Child rights consortium seeks to end violence against children in Uganda

In Summary

Child rights advocacy group Joining Forces -a coming together of six child rights organisations- has embarked […]

Child rights advocacy group Joining Forces -a coming together of six child rights organisations- has embarked on a campaign it hopes will reduce the incidence of physical violence directed at children in Uganda.

Supported by the European Union, the nine-month campaign will use a variety of media platforms, to try and persuade parents and caregivers, in Gulu, Obongi, Kampala, Wakiso, Busia and Bugiri districts, to adopt non-violent parenting methods.

Physical violence has been documented as one of the most reported forms of violence directed at children, accounting for 27pc of all cases reported to the Uganda Child Helpline.

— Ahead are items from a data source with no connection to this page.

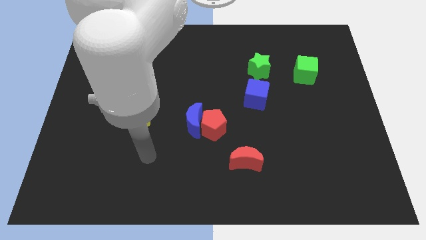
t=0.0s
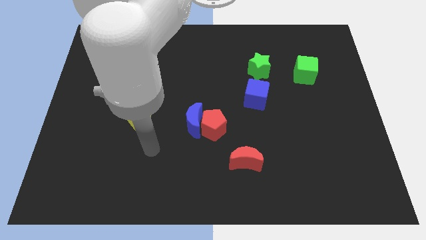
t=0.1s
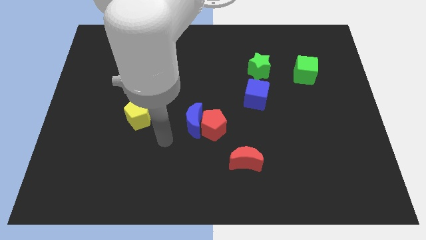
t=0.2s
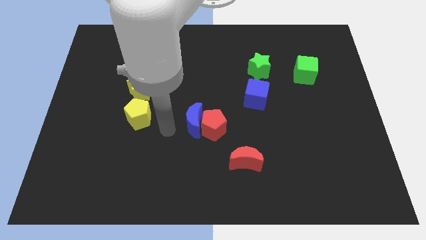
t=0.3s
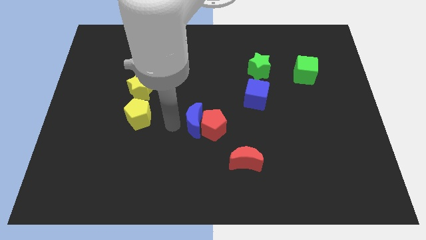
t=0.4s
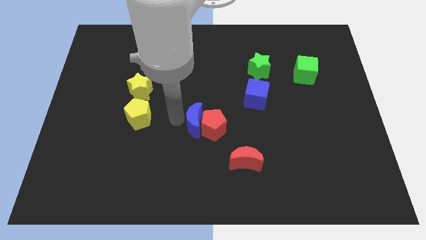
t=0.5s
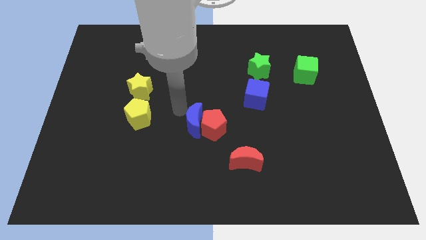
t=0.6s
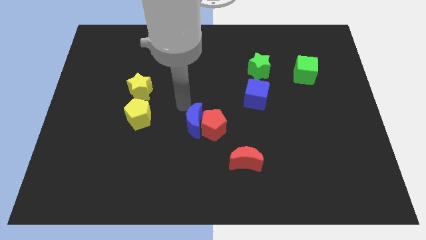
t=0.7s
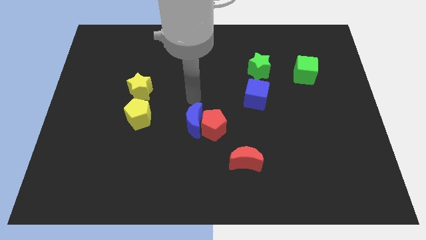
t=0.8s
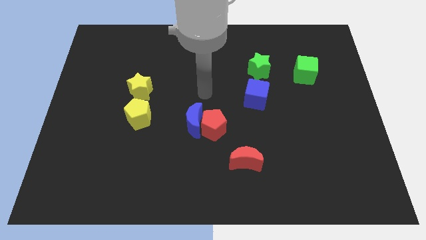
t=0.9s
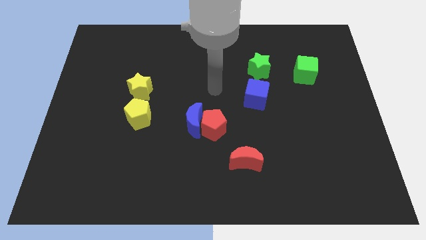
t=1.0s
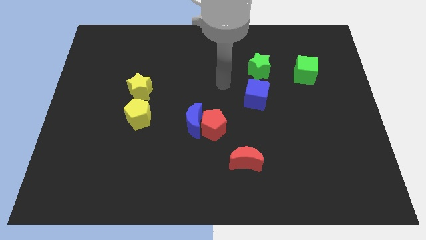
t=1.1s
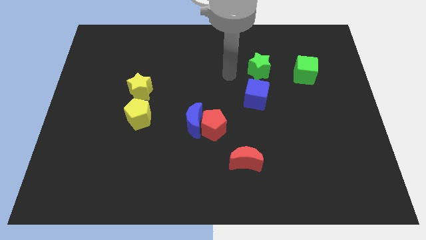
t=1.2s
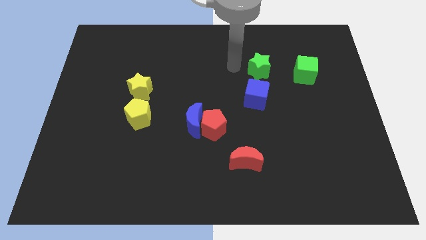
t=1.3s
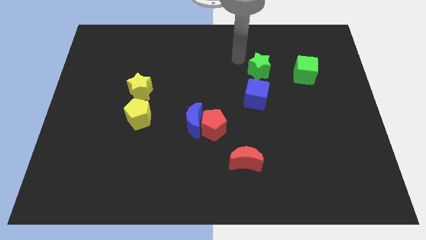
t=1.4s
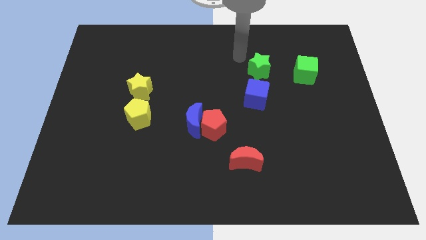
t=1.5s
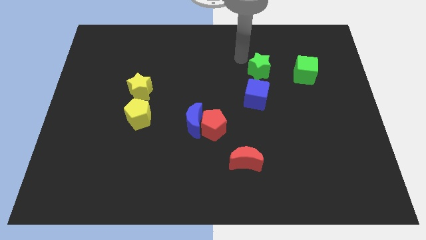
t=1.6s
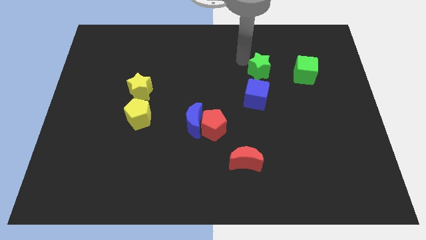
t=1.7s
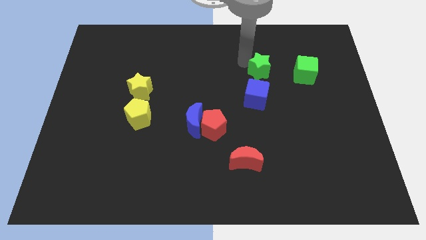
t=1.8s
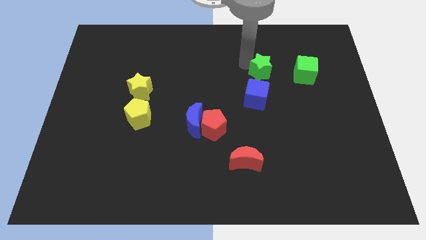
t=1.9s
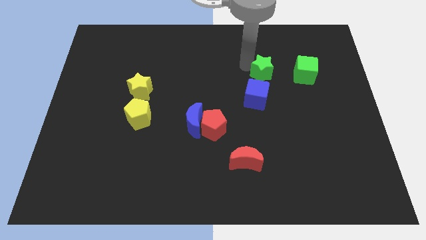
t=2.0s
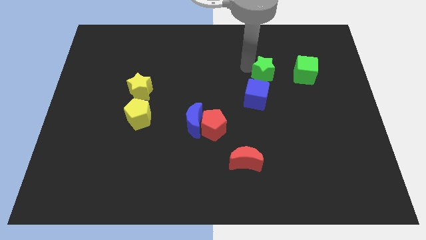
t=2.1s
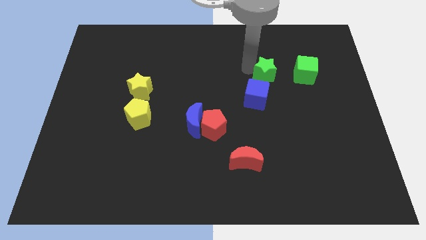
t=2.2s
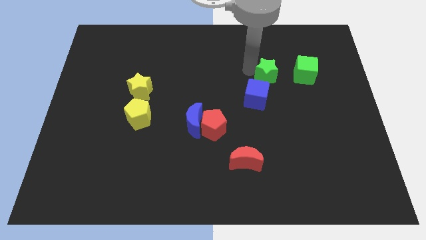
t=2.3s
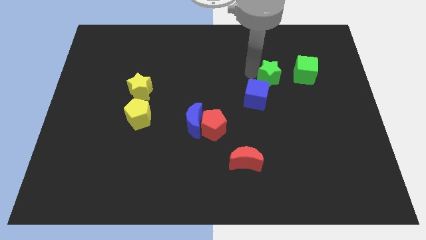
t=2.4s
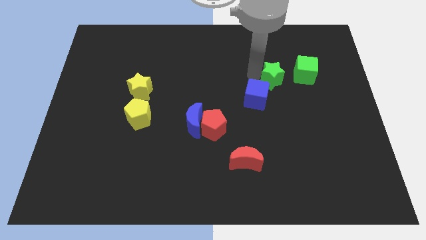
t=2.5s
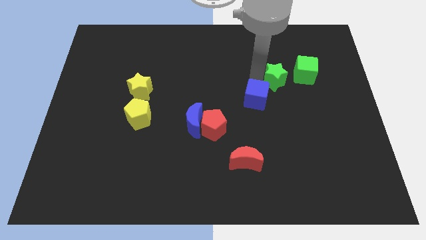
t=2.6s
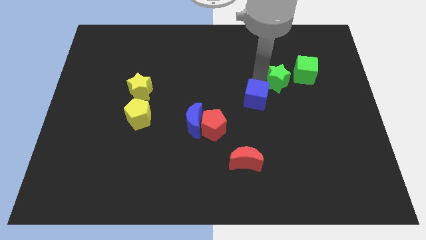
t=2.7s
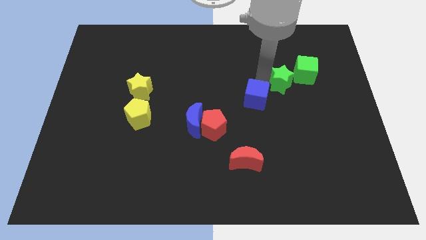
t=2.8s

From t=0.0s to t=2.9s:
slightly move the green star diagonally down and to the right

According to a report by Joining Forces, close to 66pc of children interviewed reported an increase in physical or emotional violence from their caregivers in the month leading to December 2020.

“These statistics should worry us all and motivate us to join hands and end this form of violence. They also reveal that there is an overwhelming need to provide practical support to parents and caregivers so that they can provide nurturing care and support to children. This need inspired the creation of the Hands4Good campaign”, Dragana Strinic, Save the Children Country Director said in remarks during the launch of the campaign March4.

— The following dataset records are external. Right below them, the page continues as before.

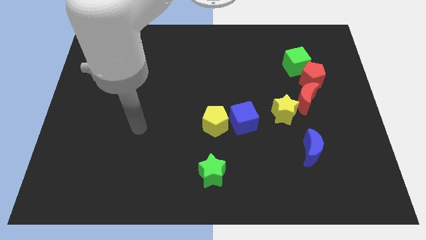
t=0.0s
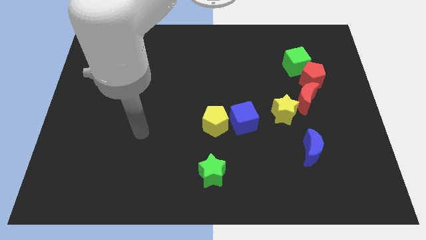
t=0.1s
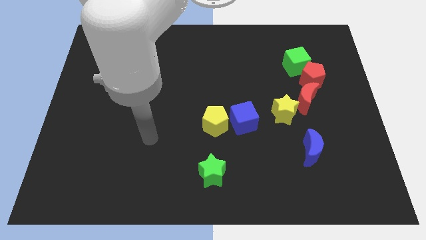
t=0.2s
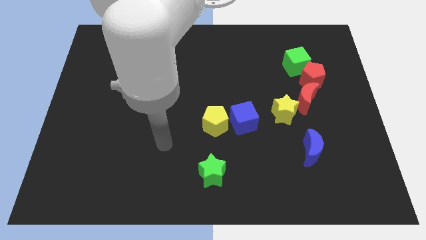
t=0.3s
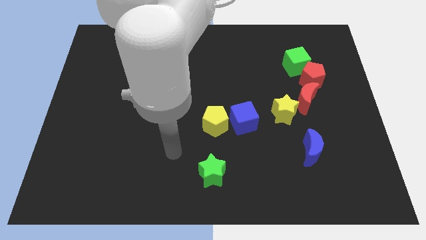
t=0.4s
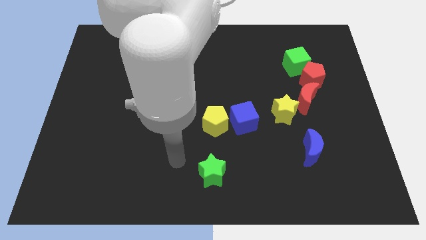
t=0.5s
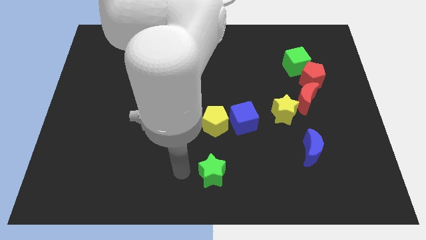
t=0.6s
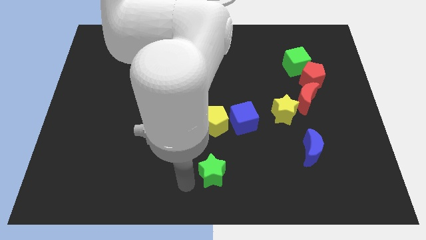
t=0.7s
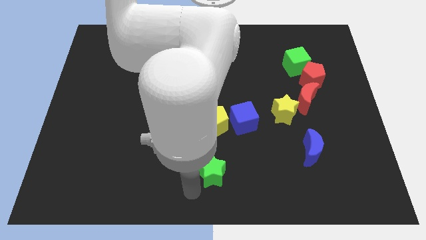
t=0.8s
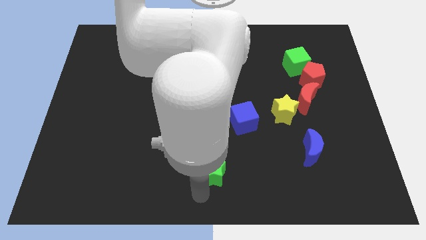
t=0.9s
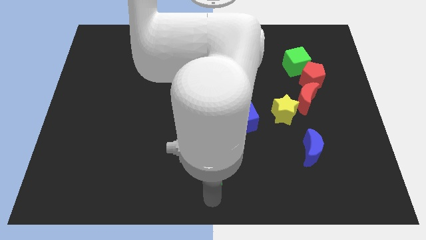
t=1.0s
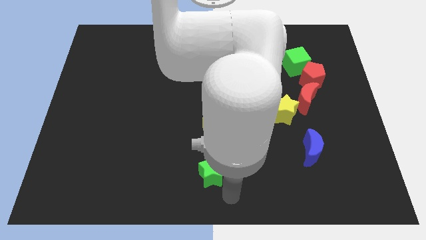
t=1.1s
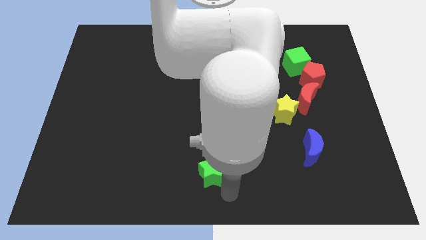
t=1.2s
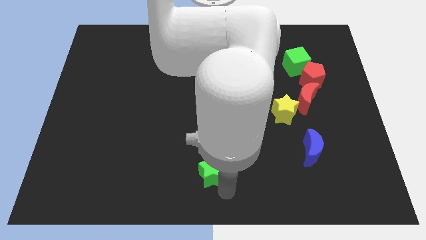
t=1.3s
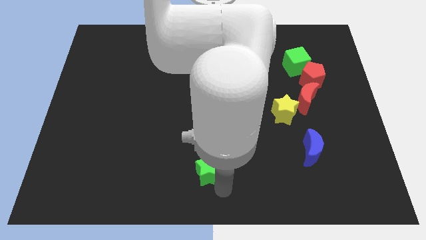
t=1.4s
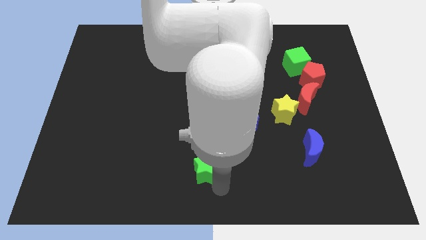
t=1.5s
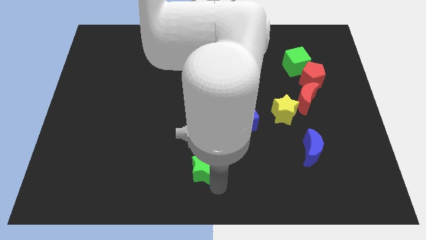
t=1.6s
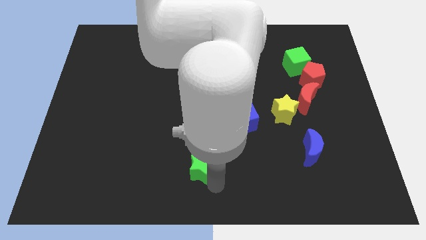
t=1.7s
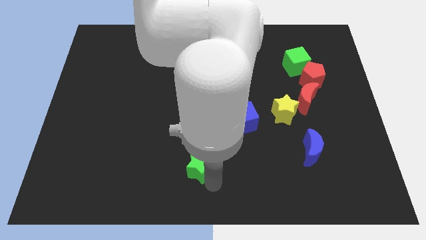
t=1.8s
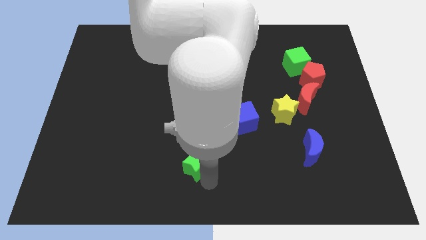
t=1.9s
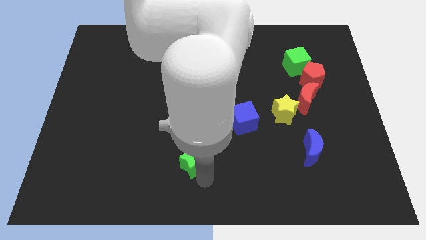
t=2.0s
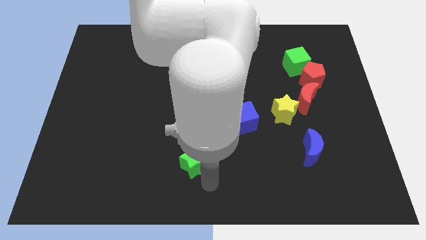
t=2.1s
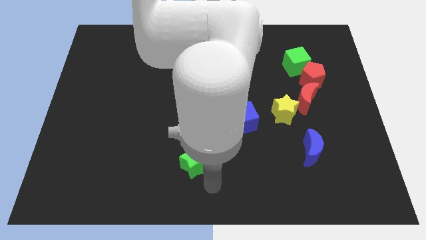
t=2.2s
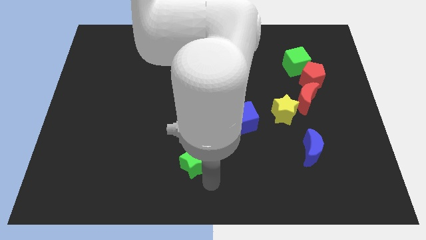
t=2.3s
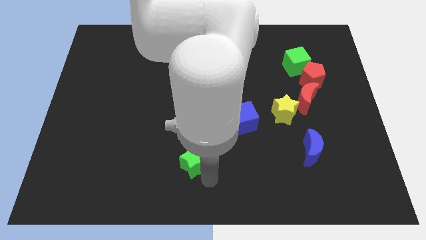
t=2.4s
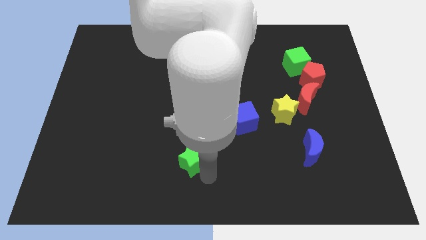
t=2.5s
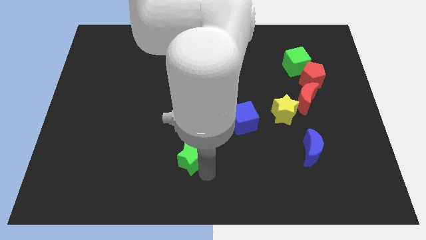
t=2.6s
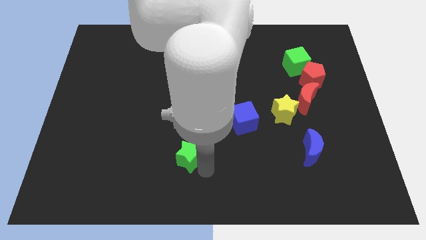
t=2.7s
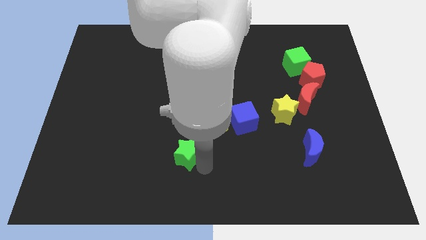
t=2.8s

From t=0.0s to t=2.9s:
push the green star up and left diagonally a bit

Tagged Hands4Good, the campaign urges parents and caregivers to use their hands to nurture, support, and guide children rather than using them as instruments of violence against their own children. The campaign will work with community champions to embed the message of non-violent parenting. The champions will support their communities to work towards ending physical violence, identify children at risk of physical violence, and ensure that these children access services that will provide the support they need. The campaign will also popularise the Parenting Without Violence methods which support parents and caregivers to gain increased understanding of child development and how to use positive discipline with their children. It is hoped that subsequently, children will be able to live in safe and loving environments.

According to Strinic, nearly all adults in Uganda have experienced one or more forms of physical violence during their childhood. This has in turn convinced many of them to believe that it is the only way to discipline a child.

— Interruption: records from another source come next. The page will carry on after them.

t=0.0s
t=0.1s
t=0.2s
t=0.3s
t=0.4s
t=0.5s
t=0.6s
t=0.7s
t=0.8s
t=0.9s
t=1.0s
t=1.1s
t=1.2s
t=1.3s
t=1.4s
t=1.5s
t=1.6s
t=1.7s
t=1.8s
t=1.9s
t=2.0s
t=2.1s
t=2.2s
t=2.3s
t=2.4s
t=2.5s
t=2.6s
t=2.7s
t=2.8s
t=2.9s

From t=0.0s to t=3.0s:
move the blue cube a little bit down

“There are many belief systems and sayings that are often used to justify violence against children. Today we want to say that there is no justification for violence against children. We can discipline our children without inflicting pain on them. We can use non-violent methods that will build trust and a good relationship between a parent and a child, rather than causing harm and ruining their self-confidence,” Strinic said.

She added that it should be a matter of concern to all that close to 60pc of adolescents aged 10-19 years have experienced physical violence while 42pc have suffered emotional violence. She called on members of parliament to make corporal punishment unlawful in Uganda’s homes, just as it has been outlawed in schools.